About

Architecture and flow for the prediction-ready voice deepfake detection system.

What this does

You upload an audio file. The backend loads it (torchaudio), resamples to 16 kHz, normalizes, and trims or pads to 3 seconds. RawNetLite plus our meta-learning layer (the research golden point) runs on the raw waveform and outputs a single probability P(fake). We threshold at 0.5 to label the clip as real or fake. The frontend stores each result in browser history so you can review past runs.

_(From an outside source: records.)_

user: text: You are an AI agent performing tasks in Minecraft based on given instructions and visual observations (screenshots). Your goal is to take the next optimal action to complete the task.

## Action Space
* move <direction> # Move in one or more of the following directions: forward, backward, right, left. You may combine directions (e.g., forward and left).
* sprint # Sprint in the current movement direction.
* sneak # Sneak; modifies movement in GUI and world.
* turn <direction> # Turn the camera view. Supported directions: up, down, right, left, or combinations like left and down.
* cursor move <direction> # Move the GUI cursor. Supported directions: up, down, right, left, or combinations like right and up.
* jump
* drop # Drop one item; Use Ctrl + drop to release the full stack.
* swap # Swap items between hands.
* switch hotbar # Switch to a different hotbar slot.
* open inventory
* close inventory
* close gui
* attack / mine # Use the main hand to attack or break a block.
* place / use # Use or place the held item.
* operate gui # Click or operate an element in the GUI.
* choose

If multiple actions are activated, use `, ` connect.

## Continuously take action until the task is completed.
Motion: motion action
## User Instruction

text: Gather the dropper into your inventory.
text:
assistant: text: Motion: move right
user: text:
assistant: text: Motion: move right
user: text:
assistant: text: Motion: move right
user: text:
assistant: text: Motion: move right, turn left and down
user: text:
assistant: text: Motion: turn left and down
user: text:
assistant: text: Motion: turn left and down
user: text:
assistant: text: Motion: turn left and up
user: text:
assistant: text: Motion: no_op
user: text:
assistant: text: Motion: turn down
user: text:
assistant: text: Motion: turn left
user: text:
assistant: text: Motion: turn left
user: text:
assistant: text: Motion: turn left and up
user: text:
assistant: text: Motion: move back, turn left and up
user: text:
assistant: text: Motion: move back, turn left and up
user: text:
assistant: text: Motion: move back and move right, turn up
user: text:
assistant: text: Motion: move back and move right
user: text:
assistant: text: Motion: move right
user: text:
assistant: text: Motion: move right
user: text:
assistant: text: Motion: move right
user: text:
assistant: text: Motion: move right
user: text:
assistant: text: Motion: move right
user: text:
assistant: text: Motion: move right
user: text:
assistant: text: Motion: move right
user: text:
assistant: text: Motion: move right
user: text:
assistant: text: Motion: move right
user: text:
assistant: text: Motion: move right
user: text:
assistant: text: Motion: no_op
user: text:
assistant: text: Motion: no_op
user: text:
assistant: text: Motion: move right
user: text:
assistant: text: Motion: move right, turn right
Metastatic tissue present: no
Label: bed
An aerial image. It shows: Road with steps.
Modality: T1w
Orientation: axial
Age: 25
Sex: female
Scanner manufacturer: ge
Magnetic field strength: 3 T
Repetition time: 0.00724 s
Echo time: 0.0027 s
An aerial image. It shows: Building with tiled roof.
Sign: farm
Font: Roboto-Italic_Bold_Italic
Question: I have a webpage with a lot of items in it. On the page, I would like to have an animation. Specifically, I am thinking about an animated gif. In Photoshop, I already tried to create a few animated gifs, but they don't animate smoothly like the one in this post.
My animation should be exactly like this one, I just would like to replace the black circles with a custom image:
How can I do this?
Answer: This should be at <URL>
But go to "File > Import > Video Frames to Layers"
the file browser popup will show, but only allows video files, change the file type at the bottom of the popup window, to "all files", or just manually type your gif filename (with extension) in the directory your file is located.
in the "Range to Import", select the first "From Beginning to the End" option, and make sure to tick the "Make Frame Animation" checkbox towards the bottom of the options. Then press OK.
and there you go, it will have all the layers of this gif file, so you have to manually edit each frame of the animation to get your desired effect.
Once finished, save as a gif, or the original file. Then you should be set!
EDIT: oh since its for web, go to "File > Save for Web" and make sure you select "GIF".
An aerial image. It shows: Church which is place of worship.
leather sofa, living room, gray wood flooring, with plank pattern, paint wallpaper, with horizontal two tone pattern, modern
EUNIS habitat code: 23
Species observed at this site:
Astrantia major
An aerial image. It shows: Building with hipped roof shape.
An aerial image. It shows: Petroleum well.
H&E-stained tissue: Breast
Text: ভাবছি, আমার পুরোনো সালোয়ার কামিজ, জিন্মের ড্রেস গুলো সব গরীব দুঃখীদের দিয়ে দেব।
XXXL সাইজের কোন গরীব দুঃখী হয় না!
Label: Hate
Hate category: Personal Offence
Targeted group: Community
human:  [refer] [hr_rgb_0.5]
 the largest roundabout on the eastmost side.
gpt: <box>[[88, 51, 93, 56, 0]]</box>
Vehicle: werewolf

Our golden point: meta-learning layer

Our main research contribution is a meta-learning layer on top of the RawNetLite encoder. It enables quick adaptation to new domains or attack types with few examples, improving generalization to unseen deepfakes. See the Model page for details.

Frontend architecture

Next.js app with routes: Home, Detect, Process, Model, API docs, Get started, Mission, Results, Status, FAQ, About. All prediction and health calls go through Next.js API routes (/api/predict, /api/health), which proxy to the Flask backend. Types and schema live in src/types/prediction.ts. The results store (src/lib/results-store.ts) persists to localStorage. We provide production-level API documentation and a get-started guide for local setup and deployment. Framer Motion is used for section and list animations.

API & open source

We are open-sourcing the project and providing API access. See API docs for endpoints, request/response schemas, and code examples. An API playground is planned for in-browser testing. Get started covers local setup and model download. Deployment covers host locally, host on a VPS (where to get a server), Nginx, SSL, and security (secrets, HTTPS, firewall, rate limiting).

Backend (Flask)

Flask serves /health and /predict. Audio is loaded with torchaudio.load(), resampled to 16 kHz, converted to mono, peak-normalized, and trimmed/padded to 3 seconds before inference. The model returns { probability, label }. Ensure the model file is in the configured MODEL_ROOT and the backend is running for Detect and Status to work.

Pipeline in short

Upload → temp file → load waveform + sample rate → mono → resample 16 kHz → normalize → (1, 48000) → RawNetLite → logit → P(fake), label → JSON → frontend. For a step-by-step breakdown with code snippets and librosa comparison, see Process. For model architecture and training (augmentation, cross-domain, focal loss), see Model.

Desired end-to-end flow

1) User selects audio on Detect. 2) Frontend POSTs to /api/predict with the file. 3) Next.js forwards to Flask /predict. 4) Backend preprocesses (load, resample, normalize, trim/pad), runs model, returns probability and label. 5) Frontend displays the result and appends it to the results store. 6) User can view history on Results, check backend health on Status, and read Process and Model for details.